Creative apprenticeships and internships: This is also the story with Creative Internships and Apprenticeships. In 2007, Tom Bewick of Creative and Cultural Skills UK was invited by MCH to visit NZ to discuss with various arts and culture organisations the introduction of apprenticeship schemes for the creative industries. While enthusiasm abounded in the sector and research was commissioned in 2008 which “highlighted the extent of the challenge facing the sector in terms of addressing both skills shortages and skills gaps” (3) the issue went AWOL.

It surfaced again ten years later, when in 2018, MCH initiated research with a view to writing a report on needs in the creative sector. We suggested they get their skates on as a report based on a survey of professional practising artists initiated by CNZ in 1999, took 4 years to process with the results published in 2003. http://www.creativenz.govt.nz/assets/paperclip/publication_documents/documents/205/original/portrait-of-the-artist.pdf?1335144486

So, as you see, action is not the forte of bureaucracy, which, given its increasing size, is ironic rather than surprising. The bigger something gets the harder it is to move around or make change.The nature of bureaucracy is to exist for its own sake. The people it was set up to serve become superfluous to its existence. Advocacy, let alone action, is counter to its sustainability. Hence the continuing experience of stasis, disguised as action in the form of report writing whose recommendations, to be taken up by other agencies, generally go nowhere.

As a grassroots creative enterprise in touch with its community and with an ethos of service Depot Artspace continually finds opportunities, and remains tenacious in its endeavours to meet identified needs. Advocacy coexists with a commitment to action; in the face of lethargy, action often escalates to activism.

Depot Artspace therefore initiates necessary services even when they fly in the face of caution or initial under-funding. We believe that quality of service and delivery eventually results in support. Especially when we back it up with robust research. For example, while creative apprenticeships have languished in Aotearoa since our meetings with Tom Bewick, Helen Clark, Maryan Street and other MPs, the UK has powered ahead with tens of thousands of apprenticeships for 18-24 year olds now in place since 2008.

We have new plans to activate this initiative as part of our goal to not just put our creative sector on the map, but to make a new map. We agree with influential designer and futurist, Buckminster Fuller, that to really change something, we need to “build a new model that makes the existing model obsolete.” He also stated in the 60’s – and it’s yet to come – that the world needs a new vision of what is possible.

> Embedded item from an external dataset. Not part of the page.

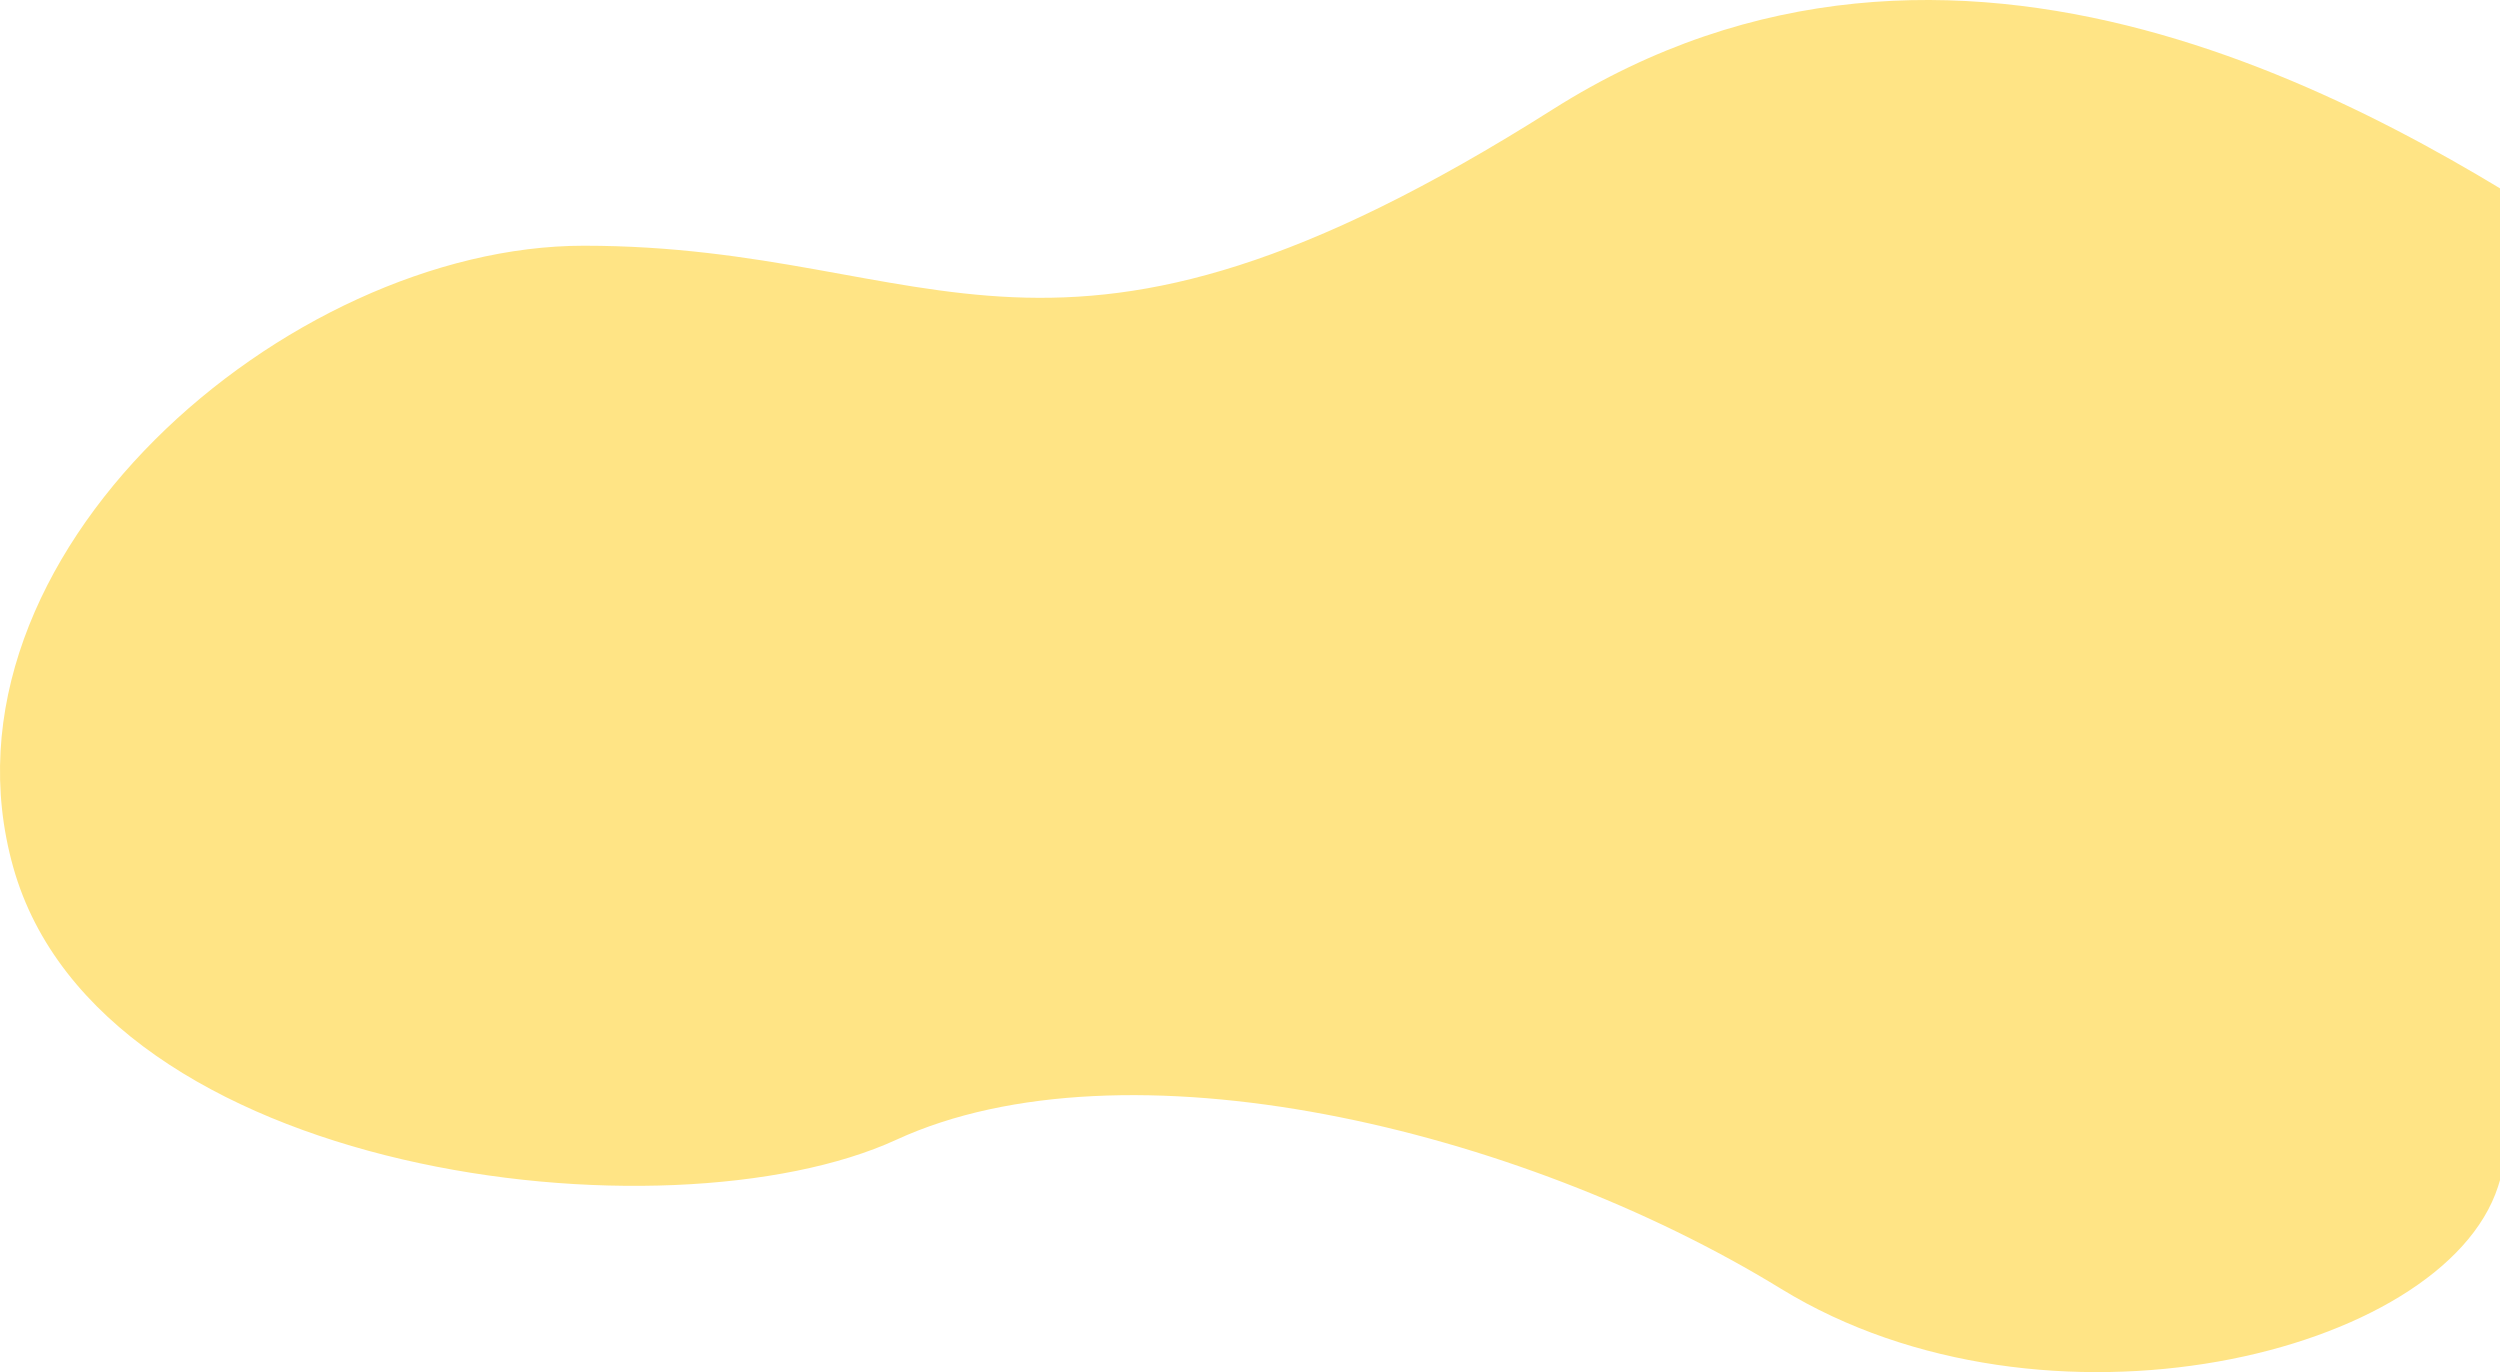 <svg width="911" height="500" viewBox="0 0 911 500" fill="none" xmlns="http://www.w3.org/2000/svg">
<path d="M565.782 39.889C712.646 -53.103 867.14 38.916 944 89.54C939.392 183.389 926.195 383.355 910.27 432.421C890.364 493.754 745.224 528.633 649.011 469.637C552.797 410.64 409.583 377.176 326.64 415.313C243.698 453.45 36.628 429.332 4.823 316.012C-26.982 202.691 104.907 89.54 212.732 89.54C342.676 89.54 382.202 156.13 565.782 39.889Z" fill="#FFE485"/>
</svg>

That’s why we’re passionate about the change that a fully activated creative sector can bring about. It can facilitate a new way of seeing the world and making resources accessible to everyone. That’s why we’re passionate about creative apprenticeships, about PACE and all other initiatives able to fortify and grow the creative sector.

So, when you come along to Depot Artspace you can get stuck into what you believe in and advocate for, and be a part of real and meaningful change; grassroots is where it starts and grows from.